Bei genauer Betrachtung lassen sich zwei Textschichten voneinander unterscheiden, die jeweils eigene Akzente in die Geschichte eintragen. Wer das feststellt, wundert sich nicht, dass es Geschichten von einer verheerenden Sintflut schon weit vor der Zeit des Alten Testaments im alten Orient gab.

Das Thema beschäftigte Menschen in unterschiedlichen Kulturen über einen sehr langen Zeitraum.

Vielleicht stand dahinter die Erfahrung einer verheerenden Flutkatastrophe in uralter Zeit, die religiös gedeutet wurde. Sicher waren die Geschichten kein Versuch, eine systematische und logisch stringente Theorie von Gott zu verfassen.

In den älteren Fassungen der Geschichte war nicht nur ein Gott am Werk, sondern mehrere. Die alttestamentliche Version stellt dieser Vielgötterwelt den einen Schöpfergott entgegen. Und der Akzent liegt gerade nicht auf dem Vernichtungswillen des Schöpfers, sondern auf der Zusage, dass Gott das Leben auf der Erde erhalten wird.

Gott zeigt in der Geschichte seine grenzenlose Macht. Er kann seine Schöpfung nach Belieben fortbestehen lassen oder vernichten. Er sieht das Treiben seiner Geschöpfe und bewertet ihr Denken und Handeln. Offenbar hat er ihnen die Freiheit zugestanden, sich in ihren Handlungen für das Gute oder das Böse zu entscheiden.

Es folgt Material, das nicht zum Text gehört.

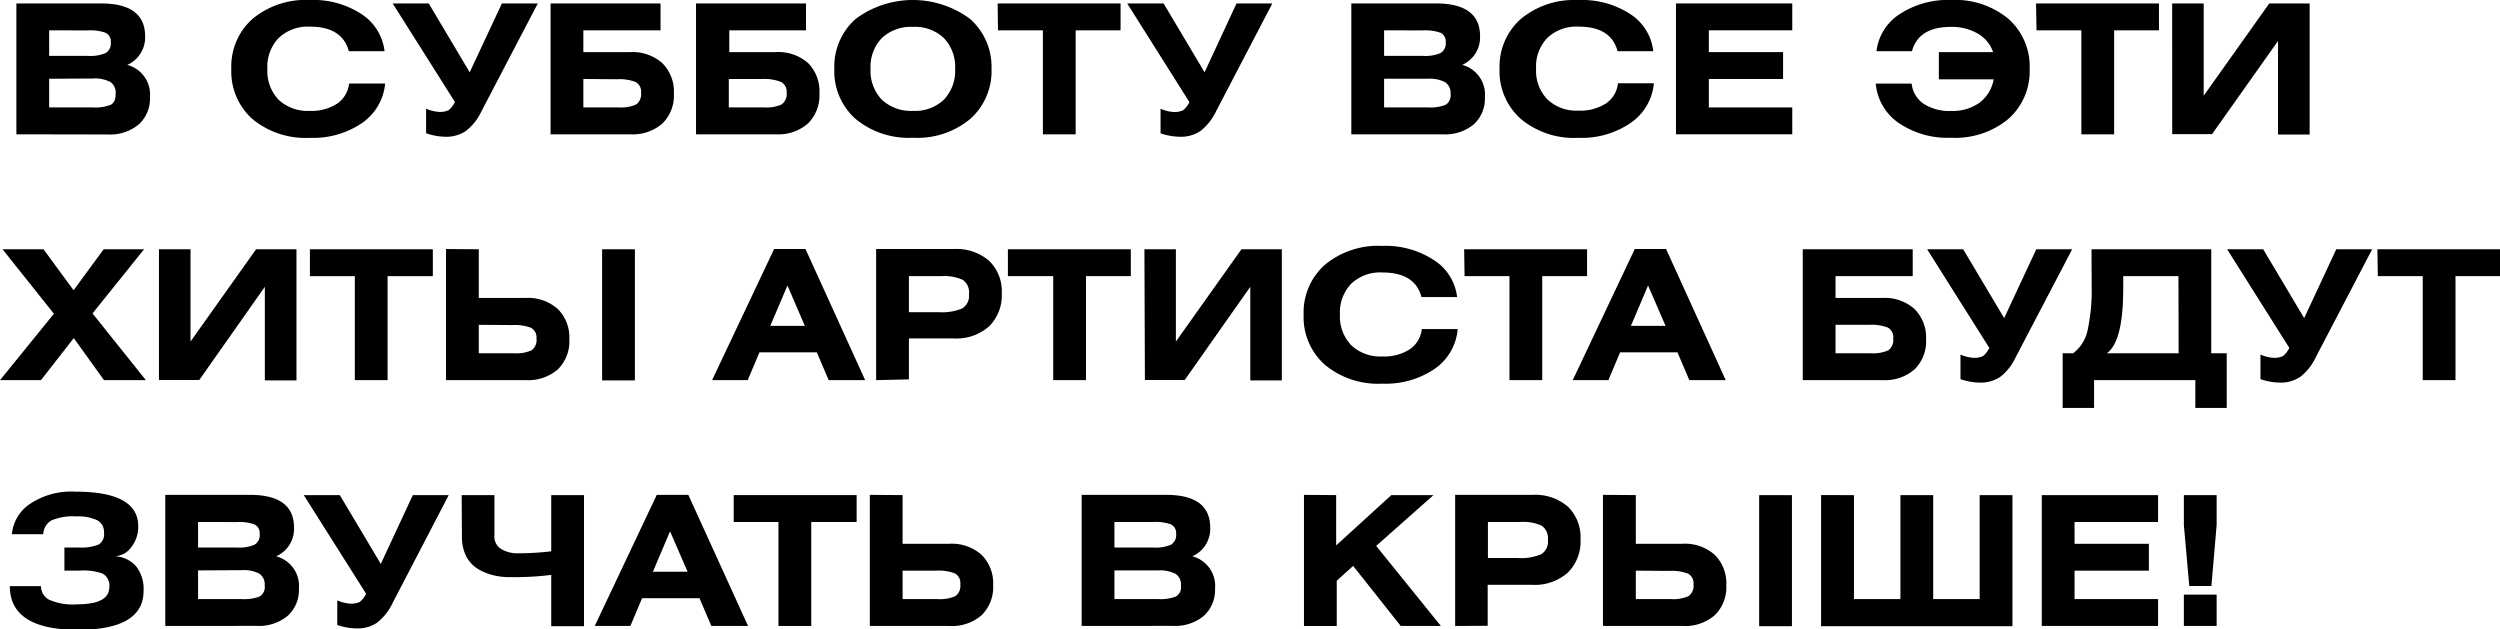 <?xml version="1.0" encoding="UTF-8"?> <svg xmlns="http://www.w3.org/2000/svg" viewBox="0 0 305.09 76.81"> <g id="Слой_2" data-name="Слой 2"> <g id="Слой_1-2" data-name="Слой 1"> <path d="M2,16.39V.42H12.32q5.38,0,5.39,4a3.67,3.67,0,0,1-2.18,3.5,3.73,3.73,0,0,1,2.77,3.94,4.25,4.25,0,0,1-1.36,3.32,5.49,5.49,0,0,1-3.81,1.23ZM6,3.7V6.82h4.73a4.83,4.83,0,0,0,2.15-.34,1.34,1.34,0,0,0,.64-1.31A1.17,1.17,0,0,0,12.89,4a5.51,5.51,0,0,0-2.15-.29ZM6,9.61v3.5h5.32a5.29,5.29,0,0,0,2.17-.31c.42-.2.62-.65.62-1.34A1.57,1.57,0,0,0,13.46,10a4.11,4.11,0,0,0-2.13-.42Z"></path> <path d="M46.93,6.25H42.57q-.8-3-4.77-3A5.18,5.18,0,0,0,34,4.64,5.06,5.06,0,0,0,32.63,8.4,5.07,5.07,0,0,0,34,12.17a5.18,5.18,0,0,0,3.79,1.36,5.73,5.73,0,0,0,3.35-.88,3.39,3.39,0,0,0,1.46-2.46H47A6.55,6.55,0,0,1,44.2,15a10.59,10.59,0,0,1-6.4,1.82,10.16,10.16,0,0,1-7-2.3A7.76,7.76,0,0,1,28.23,8.4a7.75,7.75,0,0,1,2.59-6.1,10.16,10.16,0,0,1,7-2.3,10.7,10.7,0,0,1,6.34,1.75A6.24,6.24,0,0,1,46.93,6.25Z"></path> <path d="M47.92.42h4.4l5,8.4L61.25.42h4.38L58.76,13.57A6.52,6.52,0,0,1,56.83,16a4.25,4.25,0,0,1-2.45.69A7.48,7.48,0,0,1,52,16.26v-3a4.54,4.54,0,0,0,1.51.39,2.5,2.5,0,0,0,1.23-.2,2.93,2.93,0,0,0,.78-1Z"></path> <path d="M67.19.42H80.61V3.7H71.19V6.36h5.7a5.46,5.46,0,0,1,3.94,1.35,4.9,4.9,0,0,1,1.41,3.71,4.79,4.79,0,0,1-1.4,3.65,5.49,5.49,0,0,1-3.93,1.32H67.19Zm4,9.22v3.47h4.29a4.56,4.56,0,0,0,2.15-.36,1.54,1.54,0,0,0,.6-1.44A1.33,1.33,0,0,0,77.56,10a5.63,5.63,0,0,0-2.28-.33Z"></path> <path d="M84.94.42H98.36V3.7H89V6.36h5.69a5.46,5.46,0,0,1,3.94,1.35A4.9,4.9,0,0,1,100,11.42a4.79,4.79,0,0,1-1.4,3.65,5.48,5.48,0,0,1-3.92,1.32H84.94Zm4,9.22v3.47h4.29a4.51,4.51,0,0,0,2.14-.36A1.55,1.55,0,0,0,96,11.31,1.34,1.34,0,0,0,95.31,10,5.54,5.54,0,0,0,93,9.64Z"></path> <path d="M104.43,2.3a11.71,11.71,0,0,1,13.94,0A7.78,7.78,0,0,1,121,8.4a7.79,7.79,0,0,1-2.59,6.11,10.09,10.09,0,0,1-7,2.3,10.16,10.16,0,0,1-7-2.3,7.76,7.76,0,0,1-2.59-6.11A7.75,7.75,0,0,1,104.43,2.3Zm10.75,2.34a5.11,5.11,0,0,0-3.77-1.36,5.18,5.18,0,0,0-3.79,1.36,5.06,5.06,0,0,0-1.38,3.76,5.07,5.07,0,0,0,1.38,3.77,5.18,5.18,0,0,0,3.79,1.36,5.11,5.11,0,0,0,3.77-1.36,5.07,5.07,0,0,0,1.38-3.77A5.06,5.06,0,0,0,115.18,4.64Z"></path> <path d="M121.75.42h15V3.7h-5.48V16.39h-4V3.7h-5.48Z"></path> <path d="M137.56.42H142l5,8.4L150.9.42h4.37l-6.86,13.15A6.62,6.62,0,0,1,146.48,16a4.25,4.25,0,0,1-2.45.69,7.59,7.59,0,0,1-2.4-.42v-3a4.59,4.59,0,0,0,1.52.39,2.45,2.45,0,0,0,1.22-.2,2.71,2.71,0,0,0,.78-1Z"></path> <path d="M164.91,16.39V.42h10.32q5.39,0,5.39,4a3.67,3.67,0,0,1-2.18,3.5,3.73,3.73,0,0,1,2.77,3.94,4.25,4.25,0,0,1-1.36,3.32A5.49,5.49,0,0,1,176,16.39Zm4-12.69V6.82h4.73a4.83,4.83,0,0,0,2.15-.34,1.34,1.34,0,0,0,.64-1.31A1.17,1.17,0,0,0,175.8,4a5.51,5.51,0,0,0-2.15-.29Zm0,5.91v3.5h5.32a5.29,5.29,0,0,0,2.17-.31,1.35,1.35,0,0,0,.62-1.34,1.57,1.57,0,0,0-.66-1.43,4.11,4.11,0,0,0-2.13-.42Z"></path> <path d="M201.76,6.25H197.4q-.78-3-4.77-3a5.14,5.14,0,0,0-3.78,1.36,5,5,0,0,0-1.39,3.76,5,5,0,0,0,1.39,3.77,5.14,5.14,0,0,0,3.78,1.36,5.78,5.78,0,0,0,3.36-.88,3.39,3.39,0,0,0,1.46-2.46h4.38A6.56,6.56,0,0,1,199,15a10.57,10.57,0,0,1-6.4,1.82,10.14,10.14,0,0,1-7-2.3,7.76,7.76,0,0,1-2.6-6.11,7.76,7.76,0,0,1,2.6-6.1,10.14,10.14,0,0,1,7-2.3A10.73,10.73,0,0,1,199,1.75,6.19,6.19,0,0,1,201.76,6.25Z"></path> <path d="M204.53.42h14.19V3.7H208.54V6.36h9.06V9.64h-9.06v3.47h10.18v3.28H204.53Z"></path> <path d="M233.33,6.25H229a6.24,6.24,0,0,1,2.79-4.5A10.7,10.7,0,0,1,238.1,0a10.16,10.16,0,0,1,7,2.3,7.75,7.75,0,0,1,2.59,6.1,7.76,7.76,0,0,1-2.59,6.11,10.16,10.16,0,0,1-7,2.3A10.59,10.59,0,0,1,231.7,15a6.52,6.52,0,0,1-2.79-4.8h4.38a3.39,3.39,0,0,0,1.46,2.46,5.73,5.73,0,0,0,3.35.88,5.64,5.64,0,0,0,3.46-1,4.55,4.55,0,0,0,1.74-2.86h-6.69V6.36h6.62a4.13,4.13,0,0,0-1.87-2.26,6.24,6.24,0,0,0-3.26-.82Q234.13,3.28,233.33,6.25Z"></path> <path d="M248.47.42h15V3.7H258V16.39h-4V3.7h-5.47Z"></path> <path d="M265.08.42h3.85V11.68l8-11.26h4.93v16H278V5l-8.05,11.37h-4.86Z"></path> <path d="M.31,30.42h5l3.67,5,3.67-5h4.93l-6.29,7.83,6.51,8.14H12.69L9,41.26,5,46.39H0l6.58-8.1Z"></path> <path d="M19.4,30.42h3.85V41.68l8-11.26h4.93v16H32.32V35l-8,11.37H19.4Z"></path> <path d="M37.82,30.42h15V33.7H47.3V46.39h-4V33.7H37.82Z"></path> <path d="M58.43,30.42v5.94h5.7a5.46,5.46,0,0,1,3.94,1.35,4.9,4.9,0,0,1,1.41,3.71,4.79,4.79,0,0,1-1.4,3.65,5.49,5.49,0,0,1-3.93,1.32H54.43v-16Zm0,9.22v3.47h4.29a4.56,4.56,0,0,0,2.15-.36,1.54,1.54,0,0,0,.6-1.44A1.33,1.33,0,0,0,64.8,40a5.63,5.63,0,0,0-2.28-.33Zm19.05-9.22v16h-4v-16Z"></path> <path d="M86.9,46.39l7.57-16H98.3l7.28,16h-4.45L99.68,43h-7l-1.43,3.39ZM94,39.77h4.22L96.1,34.84Z"></path> <path d="M106.92,46.39v-16h9.46a6.09,6.09,0,0,1,4.33,1.44,5.18,5.18,0,0,1,1.54,4,5.29,5.29,0,0,1-1.55,4,6,6,0,0,1-4.32,1.47h-5.46v5Zm4-12.69v4.4h3.68a6.35,6.35,0,0,0,2.8-.45,1.78,1.78,0,0,0,.85-1.73,1.88,1.88,0,0,0-.76-1.77,5.52,5.52,0,0,0-2.63-.45Z"></path> <path d="M123,30.42h15V33.7h-5.47V46.39h-4V33.7H123Z"></path> <path d="M139.66,30.42h3.84V41.68l8-11.26h4.93v16h-3.85V35l-8,11.37h-4.86Z"></path> <path d="M177.82,36.25h-4.35q-.79-3-4.78-3a5.15,5.15,0,0,0-3.78,1.36,5.07,5.07,0,0,0-1.39,3.76,5.07,5.07,0,0,0,1.39,3.77,5.15,5.15,0,0,0,3.78,1.36,5.74,5.74,0,0,0,3.36-.88,3.39,3.39,0,0,0,1.46-2.46h4.38A6.55,6.55,0,0,1,175.1,45a10.6,10.6,0,0,1-6.41,1.82,10.15,10.15,0,0,1-7-2.3,7.76,7.76,0,0,1-2.6-6.11,7.76,7.76,0,0,1,2.6-6.1,10.15,10.15,0,0,1,7-2.3A10.71,10.71,0,0,1,175,31.75,6.19,6.19,0,0,1,177.82,36.25Z"></path> <path d="M178.68,30.42h15V33.7h-5.47V46.39h-4V33.7h-5.48Z"></path> <path d="M191.93,46.39l7.57-16h3.82l7.28,16h-4.44L204.71,43h-7l-1.43,3.39Zm7.1-6.62h4.23l-2.14-4.93Z"></path> <path d="M220,30.42h13.42V33.7H224v2.66h5.7a5.46,5.46,0,0,1,3.94,1.35,4.9,4.9,0,0,1,1.41,3.71,4.79,4.79,0,0,1-1.4,3.65,5.49,5.49,0,0,1-3.93,1.32H220Zm4,9.22v3.47h4.29a4.53,4.53,0,0,0,2.15-.36,1.54,1.54,0,0,0,.6-1.44,1.33,1.33,0,0,0-.67-1.34,5.54,5.54,0,0,0-2.27-.33Z"></path> <path d="M235.18,30.42h4.4l5,8.4,3.92-8.4h4.38L246,43.57A6.52,6.52,0,0,1,244.09,46a4.24,4.24,0,0,1-2.44.69,7.5,7.5,0,0,1-2.4-.42v-3a4.53,4.53,0,0,0,1.52.39,2.48,2.48,0,0,0,1.22-.2,2.93,2.93,0,0,0,.78-1Z"></path> <path d="M255.24,30.42h14.61V43.11h1.89v6.67h-3.83V46.39H255.55v3.39h-3.83V43.11H253a4.75,4.75,0,0,0,1.8-3,22.91,22.91,0,0,0,.46-5.06Zm10.61,3.28h-6.74v1.51q0,6.48-2,7.9h8.76Z"></path> <path d="M271.79,30.42h4.4l5,8.4,3.92-8.4h4.38l-6.87,13.15A6.52,6.52,0,0,1,280.7,46a4.25,4.25,0,0,1-2.45.69,7.48,7.48,0,0,1-2.39-.42v-3a4.54,4.54,0,0,0,1.51.39,2.5,2.5,0,0,0,1.23-.2,2.93,2.93,0,0,0,.78-1Z"></path> <path d="M290.13,30.42h15V33.7h-5.47V46.39h-4V33.7h-5.48Z"></path> <path d="M5.28,65.19H1.45a5,5,0,0,1,2.17-3.67A9.05,9.05,0,0,1,9.2,60q7.67,0,7.67,4.22A4,4,0,0,1,16,66.8,2.59,2.59,0,0,1,14,67.88a3.68,3.68,0,0,1,2.61,1.23,4.47,4.47,0,0,1,.91,3q0,4.74-8,4.75-8.31,0-8.32-5.33H5A1.86,1.86,0,0,0,6,73.19a7.16,7.16,0,0,0,3.4.56q3.95,0,3.94-2.11A1.63,1.63,0,0,0,12.52,70a6.69,6.69,0,0,0-2.66-.37h-2V66.82H9.64A5.73,5.73,0,0,0,12,66.47,1.45,1.45,0,0,0,12.69,65a1.6,1.6,0,0,0-.84-1.52,5.54,5.54,0,0,0-2.57-.46,6.61,6.61,0,0,0-3,.49A2,2,0,0,0,5.28,65.19Z"></path> <path d="M20.17,76.39v-16H30.49c3.6,0,5.39,1.33,5.39,4a3.65,3.65,0,0,1-2.18,3.5,3.74,3.74,0,0,1,2.78,3.94,4.25,4.25,0,0,1-1.37,3.32,5.48,5.48,0,0,1-3.8,1.23Zm4-12.69v3.12h4.73a4.83,4.83,0,0,0,2.15-.34,1.34,1.34,0,0,0,.64-1.31A1.17,1.17,0,0,0,31.06,64a5.51,5.51,0,0,0-2.15-.29Zm0,5.91v3.5H29.5a5.29,5.29,0,0,0,2.17-.31,1.33,1.33,0,0,0,.63-1.34A1.57,1.57,0,0,0,31.64,70a4.15,4.15,0,0,0-2.14-.42Z"></path> <path d="M37.07,60.42h4.4l5,8.4,3.91-8.4h4.38L47.92,73.57A6.63,6.63,0,0,1,46,76a4.22,4.22,0,0,1-2.44.69,7.54,7.54,0,0,1-2.4-.42v-3a4.59,4.59,0,0,0,1.52.39,2.45,2.45,0,0,0,1.22-.2,2.93,2.93,0,0,0,.78-1Z"></path> <path d="M56.34,60.42h4v4.93A1.77,1.77,0,0,0,61.16,67a3.84,3.84,0,0,0,2.11.52,34.42,34.42,0,0,0,4-.24V60.42h4v16h-4V70.16a36.66,36.66,0,0,1-5,.27A8.23,8.23,0,0,1,60,70.15a6.32,6.32,0,0,1-1.85-.83,4,4,0,0,1-1.31-1.54,5.33,5.33,0,0,1-.47-2.3Z"></path> <path d="M72.58,76.39l7.57-16H84l7.29,16H86.81L85.36,73h-7l-1.43,3.39Zm7.1-6.62h4.23l-2.14-4.93Z"></path> <path d="M89.54,60.42h15V63.7H99V76.39H95V63.7H89.54Z"></path> <path d="M110.15,60.42v5.94h5.7a5.46,5.46,0,0,1,3.94,1.35,4.9,4.9,0,0,1,1.41,3.71,4.79,4.79,0,0,1-1.4,3.65,5.49,5.49,0,0,1-3.93,1.32h-9.72v-16Zm0,9.22v3.47h4.29a4.53,4.53,0,0,0,2.15-.36,1.54,1.54,0,0,0,.6-1.44,1.33,1.33,0,0,0-.67-1.34,5.54,5.54,0,0,0-2.27-.33Z"></path> <path d="M132,76.39v-16H142.3q5.38,0,5.39,4a3.67,3.67,0,0,1-2.18,3.5,3.73,3.73,0,0,1,2.77,3.94,4.28,4.28,0,0,1-1.36,3.32,5.49,5.49,0,0,1-3.81,1.23Zm4-12.69v3.12h4.73a4.91,4.91,0,0,0,2.16-.34,1.36,1.36,0,0,0,.64-1.31,1.18,1.18,0,0,0-.64-1.18,5.6,5.6,0,0,0-2.16-.29Zm0,5.91v3.5h5.33a5.27,5.27,0,0,0,2.16-.31,1.33,1.33,0,0,0,.63-1.34,1.57,1.57,0,0,0-.66-1.43,4.11,4.11,0,0,0-2.13-.42Z"></path> <path d="M163.06,60.42v6.14l6.73-6.14h5.15l-7,6.2,7.9,9.77h-4.9l-5.81-7.33-2,1.81v5.52h-4v-16Z"></path> <path d="M177.58,76.39v-16H187a6.11,6.11,0,0,1,4.34,1.44,5.22,5.22,0,0,1,1.54,4,5.33,5.33,0,0,1-1.55,4.05A6.06,6.06,0,0,1,187,71.37h-5.45v5Zm4-12.69v4.4h3.67a6.4,6.4,0,0,0,2.81-.45,1.79,1.79,0,0,0,.84-1.73,1.88,1.88,0,0,0-.76-1.77,5.5,5.5,0,0,0-2.63-.45Z"></path> <path d="M199.63,60.42v5.94h5.69a5.46,5.46,0,0,1,3.94,1.35,4.9,4.9,0,0,1,1.41,3.71,4.75,4.75,0,0,1-1.4,3.65,5.48,5.48,0,0,1-3.92,1.32h-9.73v-16Zm0,9.22v3.47h4.29a4.51,4.51,0,0,0,2.14-.36,1.55,1.55,0,0,0,.61-1.44A1.35,1.35,0,0,0,206,70a5.63,5.63,0,0,0-2.28-.33Zm19.05-9.22v16h-4v-16Z"></path> <path d="M226.25,60.42V73.11h5.67V60.42h4V73.11h5.67V60.42h4v16H222.24v-16Z"></path> <path d="M249.17,60.42h14.19V63.7H253.17v2.66h9.07v3.28h-9.07v3.47h10.19v3.28H249.17Z"></path> <path d="M267.17,71.51l-.66-7.44V60.42h4v3.65l-.64,7.44Zm-.66,4.88V72.56h4v3.83Z"></path> </g> </g> </svg>

Vielleicht hatte Gott gehofft, diese Freiheit würde nicht so oft missbraucht.

Doch sein Urteil über das menschliche Herz fällt eindeutig aus: das Dichten und Trachten des menschlichen Herzens ist böse von Jugend auf. Das klingt hart und desillusioniert. Aber bei einem Blick auf die aktuelle Nachrichtenlage in der Welt fällt es schwer zu widersprechen.

Gott erkennt die begrenzten Möglichkeiten des Menschen an. Er sieht ein, dass wir aus eigener Kraft nicht in der Lage sind, ein tadelloses und Gott gefälliges Leben zu führen. Wir bleiben angewiesen auf seine Liebe.

Dieser Gedanke wirkt heute vielleicht noch überzeugender als in früheren Zeiten.

Es ist noch nicht lange her, da hat die Menschheit sich selbst die Fähigkeit zur vollständigen eigenen Vernichtung erarbeitet. Die Bedrohung durch Atomwaffen schwebt seit einem knappen Jahrhundert über dem weiteren Schicksal der Weltgemeinschaft.

Unsere Lebensweise hat zu einer so starken Ausbeutung der irdischen Ressourcen geführt, dass wir selber die klimatischen Verhältnisse des Planeten verändern. Die damit verbundenen Risiken sind unüberschaubar. Wir sind verantwortlich für einen sich immer schneller vollziehenden Wandel unserer eigenen Lebensgrundlagen. Dabei sterben in zunehmendem Maße unsere Mitgeschöpfe auf dieser Welt aus. Die Angst vor dem Untergang unserer Welt ist heute weniger eine religiöse als eine wissenschaftlich gut begründete.

Bei einer Umfrage auf Lübecks Straßen hätten wohl die wenigsten Angst vor einem göttlichen Strafgericht. Trotzdem sind Zukunftsängste weit verbreitet. Weder die Klimakrise, noch die militärischen Konflikte oder die Verteilungsungerechtigkeit lassen besonders optimistisch in die Zukunft schauen.

Im Gegenteil: viele mögen keine Nachrichten mehr sehen, weil sie befürchten, Schaden an ihrer Seele zu nehmen. Gleichzeitig müssen wir schon durch unsere Lebensweise in Kauf nehmen, dass die weltweite Ungerechtigkeit und die klimatischen Veränderungen weiter voranschreiten. Als Einzelne sind unsere Einflussmöglichkeiten begrenzt und doch sind wir in diese Entwicklungen verstrickt und damit mitverantwortlich.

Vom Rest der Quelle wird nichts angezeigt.